Unnamed: 0,YEAR,DATANUM,SERIAL,HHWT,GQ,PERNUM,PERWT,SEX,AGE,MARST,EMPSTAT,EMPSTATD,LABFORCE,OCC1990,WKSWORK1,INCTOT,FTOTINC
0,2000,3,1,600,1,1,618,2,66,5,1,10,2,95,46,18000,54700
1,2000,3,1,600,1,2,684,1,40,6,1,10,2,507,50,36700,54700
3,2000,3,2,600,1,2,609,2,48,1,3,30,1,376,1,900,56900
4,2000,3,2,600,1,3,621,1,19,6,1,10,2,885,16,2000,56900
5,2000,3,2,600,1,4,559,2,17,6,3,30,1,999,0,0,56900
6,2000,3,3,600,1,1,615,1,47,4,2,20,2,373,24,10000,10000
7,2000,3,4,600,1,1,635,1,53,3,3,30,1,486,20,46100,46100
8,2000,3,5,600,1,1,603,1,42,1,3,30,1,65,11,4000,43000
9,2000,3,5,600,1,2,617,2,46,1,1,10,2,234,52,28000,43000
10,2000,3,5,600,1,3,589,1,21,6,2,20,2,991,0,0,43000


In this data, the value 9999999 is used to indicate a missing value for personal income (INCTOT). Let's convert those values to NaN values so Python will recognize those as missing values instead of $9,999,999.

In [151]:
census_df["INCTOT"] = census_df["INCTOT"].replace(9999999, np.NaN)

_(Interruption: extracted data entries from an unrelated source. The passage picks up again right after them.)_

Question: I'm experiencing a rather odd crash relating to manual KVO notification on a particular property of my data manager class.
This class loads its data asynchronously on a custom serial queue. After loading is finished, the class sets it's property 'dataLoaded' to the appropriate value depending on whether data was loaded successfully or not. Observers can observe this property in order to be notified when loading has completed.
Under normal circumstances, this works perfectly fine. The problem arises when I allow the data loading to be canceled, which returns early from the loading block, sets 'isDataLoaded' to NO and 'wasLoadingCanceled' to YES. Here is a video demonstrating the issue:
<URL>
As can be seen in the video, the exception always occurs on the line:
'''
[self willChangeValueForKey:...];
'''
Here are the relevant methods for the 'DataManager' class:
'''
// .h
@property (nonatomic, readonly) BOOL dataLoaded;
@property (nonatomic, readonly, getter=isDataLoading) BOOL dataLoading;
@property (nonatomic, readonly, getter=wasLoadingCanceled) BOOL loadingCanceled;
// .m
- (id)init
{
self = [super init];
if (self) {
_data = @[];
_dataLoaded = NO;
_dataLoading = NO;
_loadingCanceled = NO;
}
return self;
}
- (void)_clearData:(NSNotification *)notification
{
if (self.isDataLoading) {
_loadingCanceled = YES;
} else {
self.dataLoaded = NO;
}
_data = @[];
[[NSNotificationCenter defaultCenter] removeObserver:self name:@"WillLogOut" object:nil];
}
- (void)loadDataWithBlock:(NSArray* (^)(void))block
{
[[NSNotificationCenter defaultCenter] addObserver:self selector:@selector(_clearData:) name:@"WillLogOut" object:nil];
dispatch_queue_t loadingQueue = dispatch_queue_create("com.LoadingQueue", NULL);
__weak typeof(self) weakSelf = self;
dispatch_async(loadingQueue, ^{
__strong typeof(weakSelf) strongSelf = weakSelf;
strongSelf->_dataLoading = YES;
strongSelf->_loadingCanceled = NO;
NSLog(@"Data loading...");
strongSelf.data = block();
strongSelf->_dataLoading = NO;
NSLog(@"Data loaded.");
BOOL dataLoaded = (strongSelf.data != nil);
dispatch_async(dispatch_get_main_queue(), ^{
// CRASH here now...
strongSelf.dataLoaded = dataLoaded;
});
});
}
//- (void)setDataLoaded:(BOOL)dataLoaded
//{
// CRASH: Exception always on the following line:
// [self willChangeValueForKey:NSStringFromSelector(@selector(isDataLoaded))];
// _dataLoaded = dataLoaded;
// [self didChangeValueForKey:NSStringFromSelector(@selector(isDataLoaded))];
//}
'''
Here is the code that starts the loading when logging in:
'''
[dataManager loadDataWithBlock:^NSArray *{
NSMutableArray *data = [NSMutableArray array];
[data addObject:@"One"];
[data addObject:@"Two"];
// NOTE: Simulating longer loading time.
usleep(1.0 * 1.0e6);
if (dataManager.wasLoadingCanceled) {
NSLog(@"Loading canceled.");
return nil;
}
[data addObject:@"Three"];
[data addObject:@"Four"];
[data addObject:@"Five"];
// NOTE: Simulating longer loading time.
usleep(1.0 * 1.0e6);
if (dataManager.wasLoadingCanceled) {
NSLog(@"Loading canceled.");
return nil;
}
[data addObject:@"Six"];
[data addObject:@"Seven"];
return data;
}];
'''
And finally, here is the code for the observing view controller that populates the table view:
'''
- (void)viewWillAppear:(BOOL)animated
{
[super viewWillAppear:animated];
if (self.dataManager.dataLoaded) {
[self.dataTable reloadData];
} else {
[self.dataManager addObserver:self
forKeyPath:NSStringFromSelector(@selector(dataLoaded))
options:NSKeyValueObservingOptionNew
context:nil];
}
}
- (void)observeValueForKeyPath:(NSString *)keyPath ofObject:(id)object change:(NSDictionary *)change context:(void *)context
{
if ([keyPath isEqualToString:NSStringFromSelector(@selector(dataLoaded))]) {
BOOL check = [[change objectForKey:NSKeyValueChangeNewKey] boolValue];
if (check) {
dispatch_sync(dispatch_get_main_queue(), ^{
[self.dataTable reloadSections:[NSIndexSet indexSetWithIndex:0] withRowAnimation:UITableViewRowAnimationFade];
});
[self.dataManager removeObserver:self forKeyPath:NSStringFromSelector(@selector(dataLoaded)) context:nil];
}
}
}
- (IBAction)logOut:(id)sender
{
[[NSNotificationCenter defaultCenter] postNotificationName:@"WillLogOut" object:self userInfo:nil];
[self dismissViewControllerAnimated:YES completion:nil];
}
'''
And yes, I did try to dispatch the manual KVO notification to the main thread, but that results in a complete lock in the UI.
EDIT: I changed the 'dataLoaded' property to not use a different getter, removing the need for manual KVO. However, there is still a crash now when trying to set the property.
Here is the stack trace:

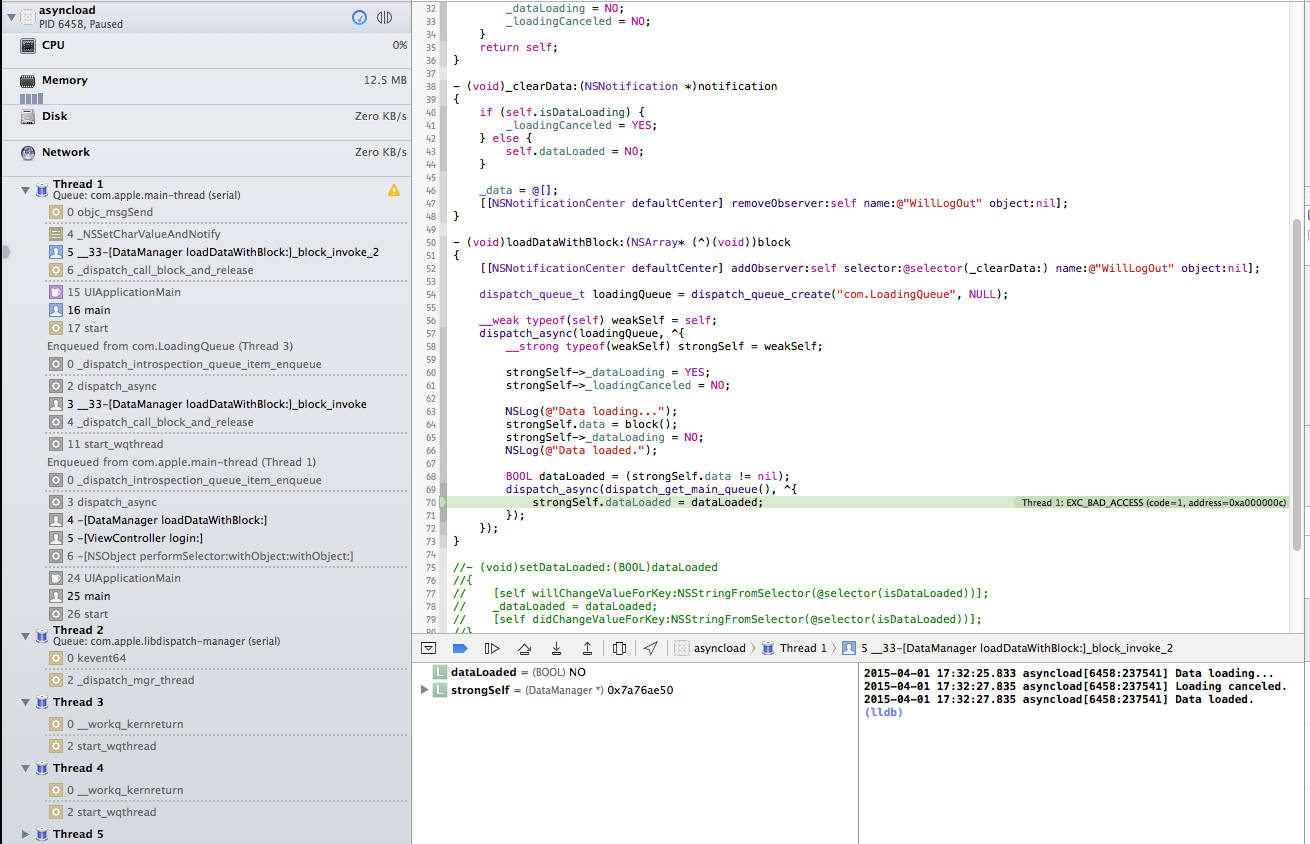
Answer: The name of your property is 'dataLoaded'. Therefore, the key you use with KVC and KVO should be '@"dataLoaded"', not '@"isDataLoaded"'. 'isDataLoaded' is just the name of a getter, not the property. Consider, for example, if the property were publicly read-write (I know it's not), would you think that '[object setValue:newValue forKey:@"isDataLoaded"]' to be correct? That would look for a setter named '-setIsDataLoaded:', which doesn't exist.
If you fix that, then there's no need to manually post KVO change notifications. Any call to '-setDataLoaded:' is going to generate them automatically (assuming you haven't disabled that by overriding '+automaticallyNotifiesObserversForKey:').
Likewise, things like 'self.dataManager.isDataLoaded' are kind of wrong. With dot syntax, you should use the property name, not the getter name. The property is named 'dataLoaded'. It produces a getter named '-isDataLoaded'. It happens that the existence of a getter implies the existence of an property with the getter's name. So, the declared property 'dataLoaded' happens to imply the existence of an informal property named 'isDataLoaded' -- which is why your code compiles -- but that's not really the name of your class's property.
I'm not sure why you're using the construct 'NSStringFromSelector(@selector(isDataLoaded))', but I think it would just be better to use a symbolic string constant.
Dispatching the setting of the property to the main thread could probably be made to work, but you would want to do it asynchronously, not synchronously as your commented-out code shows. Also, if the KVO change notification is posted on the main thread, then your '-observeValueForKeyPath:...' method use 'dispatch_sync(dispatch_get_main_queue(), ...)' because that will definitely deadlock. Either execute that code directly or dispatch it asynchronously.
Beyond that, we'd need to see crash details to give a more narrowly-focused answer.
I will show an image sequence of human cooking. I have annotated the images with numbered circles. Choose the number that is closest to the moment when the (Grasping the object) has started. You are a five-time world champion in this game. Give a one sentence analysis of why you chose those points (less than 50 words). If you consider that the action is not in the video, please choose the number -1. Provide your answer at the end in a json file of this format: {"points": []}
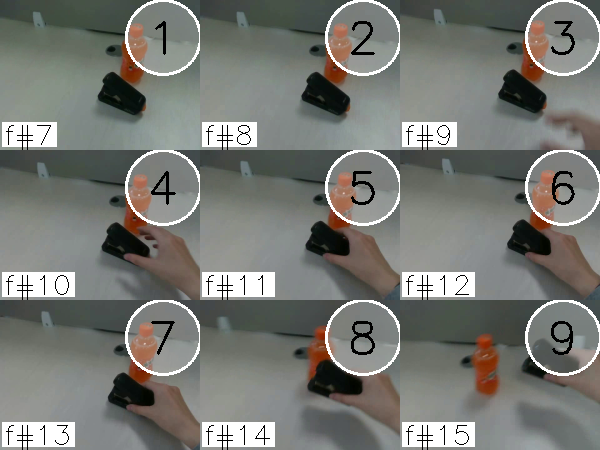
Frame 5 shows the clearest moment of hand-object contact.
{"points": [5]}

Now you are ready to perform some more detailed analysis on the data! There are many Python libraries available for data analysis that allow you to operate on DataFrames and Series. One you can check out is <code>scikit-learn</code> - you can try out creating linear models between some of the variables and running a regression.